# Flying fox



## rickylbc (Jun 9, 2008)

Are flying fox any good for algae?


----------



## blang (Jan 4, 2006)

They are great for string algae. However, as they get older they get lazy and don't work as hard. As adults, I find them pretty entertaining when they sort of sit on the plants.


----------



## davemonkey (Mar 29, 2008)

A better fish for eating algae (especially hair algae) is the Siamese Algae Eater, _Crossocheilus siamensis_. Not only are they better at algae clean-up than Flying Fox, _Epalzeorhynchus kallopterus_ , but they will not get aggressive with age and can be kept in shoals.

However, as they get older they can get spoiled on commercial foods and will eat less algae. To keep this from happening, you can reduce feeding.

-Dave


----------



## rickylbc (Jun 9, 2008)

I have some Oto's, but I got some of the Flying Fox, but it's not doing it's job like the Oto's.


----------



## davemonkey (Mar 29, 2008)

Yep, Oto's are true blue. They are, by far, my favorite algae eater...in fact they are my favorite fish.


----------



## rickylbc (Jun 9, 2008)

davemonkey said:


> Yep, Oto's are true blue. They are, by far, my favorite algae eater...in fact they are my favorite fish.

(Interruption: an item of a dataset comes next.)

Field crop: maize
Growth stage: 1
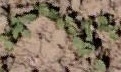
Species: convolvulus

Oto's work hard on eating algae.


----------



## blang (Jan 4, 2006)

Oops sorry, I thought the flying fox was the same as an SAE. In any event, I have the SAE's not the flying foxes. I think the flying foxes must be the Chinese Algae Eaters which are not very nice fish when they get older.


----------



## JanS (Apr 14, 2004)

blang said:


> I think the flying foxes must be the Chinese Algae Eaters which are not very nice fish when they get older.


Nope, they aren't the same thing, but it can get to be a confusing subject.

Here's a thread explaining the differences.
SAE's, Flying fox, and other similar fish


----------



## Erirku (Oct 5, 2004)

Ha, those guys are lazy algae eaters. In fact, they don't do anything for the tank but eat whats left on the ground. SAE's are much better, but also get lazy as they get older.


----------



## rickylbc (Jun 9, 2008)

Erirku said:


> Ha, those guys are lazy algae eaters. In fact, they don't do anything for the tank but eat whats left on the ground. SAE's are much better, but also get lazy as they get older.


They sure are lazy! I asked the guy from the LFS if they're similiar to Oto's as far as eating algae, and he said yes, lying bas****..


----------